The following is a guest post on the Reigel case from a sometime, and hopefully more regular, contributer to this page. Steve Vahidi is one of our Goldberg Segalla lawyers.
Regular readers of this blog are aware that Mike pays quite a bit of attention to the preemption provision of the MDA for Class III PMA medical devices as interpreted by the courts at the state and Federal level.
Yesterday, the Supreme Court of the United States issued an Opinion in the much-watched case of Riegel v. Medtronic, Inc. (No. 06-179). The Court’s 8 to 1 Decision (or 7-2, depending on how Justice Stevens’ concurrence is interpreted) is a major victory for manufacturers of Class III PMA medical devices and a crushing blow for plaintiffs’ attorneys.
The Court, led by Justice Scalia, upheld the Second Circuit’s finding of preemption, and in doing so brought the Eleventh Circuit, as well as four circuits which have not addressed this issue, in line with the majority of the federal circuit courts who have held that the PMA process constitutes a federal “requirement” specifically applicable to Class III devices. State common law claims for negligence and strict liability would conflict with this federal requirement because such claims are “different from, or in addition to,” the requirements imposed by the FDA during the PMA process.
In the twelve years since Medtronic v. Lohr, 518 U.S. 470 (1996) when the Court last addressed the meaning of the term “requirement” and the scope of the MDA, the majority of justices recognizing that state common law causes of action are “requirements” (and thus are preempted) has increased from 5-4 to 8-1. This increase is in despite of the loss of Chief Justice Rehnquist and Justice O’Connor, both of whom were in the 5-4 majority in Lohr. This is a truly positive development.
Based on the questions asked by the Justices at oral argument in Riegel, it appeared that Justices Scalia, Thomas and Breyer (who felt that there was preemption in Lohr) would be joined by Chief Justice Roberts and Justice Kennedy, forming a new five person majority. Justice Ginsburg’s questions predictably echoed the petitioner’s arguments and telegraphed that she opposed preemption. Justice Stevens wrote the opinion in Lohr and finding no preemption applied. It was unclear how the other two would rule. Justice Souter appeared ambivalent and Justice Alito Alito was an unknown because of their lack of participation in questioning.The 8-1 decision exceeded even the most optimistic of predictions and may be a sign of more good things to come for manufacturers of medical devices and pharmaceuticals.

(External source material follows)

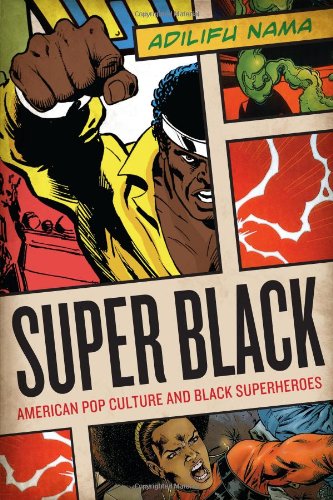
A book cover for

Justice Scalia appears to lay the ground work by using language in the Opinion that could immediately be applied in pharmaceutical failure-to-warn cases:
The FDA requires…pre-market approval to be made with almost no deviations from the specifications in its approval application, for the reason that the FDA has determined that the approved form provides a reasonable assurance of safety and effectiveness.
Scalia went on to site two instances where statutes regarding “labeling and packaging” for insecticides and “advertising or promotion” of cigarettes were held to preempt state common law claims. In doing so, Scalia indicated that in the scope of the MDA (and other Federal regulatory schemes) permitting states legislatures to impose common law duties would “make little sense” and disrupt the Federal government’s ability to effectively regulate, thus necessitating preemption. With regard to tort claims, the Court went even further and stated that “tort law, applied by juries under a negligence or strict liability standard, is less deserving” of exclusion from federal preemption than state medical device laws.
Justice Stevens' concurrence rejected the idea that the preemption provision of the MDA was meant to bar all state regulatory action and tort remedies but found that in the Riegel’s claims "are predicated on New York common-law duties that constitute requirements with respect to the device at issue that differ from federal requirements relating to safety and effectiveness."
Dissenting, Justice Ginsburg relied her interpretation of Congress’ intent in enacting the MDA and found that Congress did not intend broadly to preempt state common-law suits grounded on allegations independent of FDA requirements. She wrote that it is "difficult to believe that Congress would, without comment, remove all means of judicial recourse."
Justice Scalia replied that the text of the preemption clause does exactly that and “[t]he operation of a law enacted by Congress need not be seconded by a committee report on pain of judicial nullification.”
This Opinion should help stem the tide of claims against manufacturers of Class III devices that have undergone the PMA process.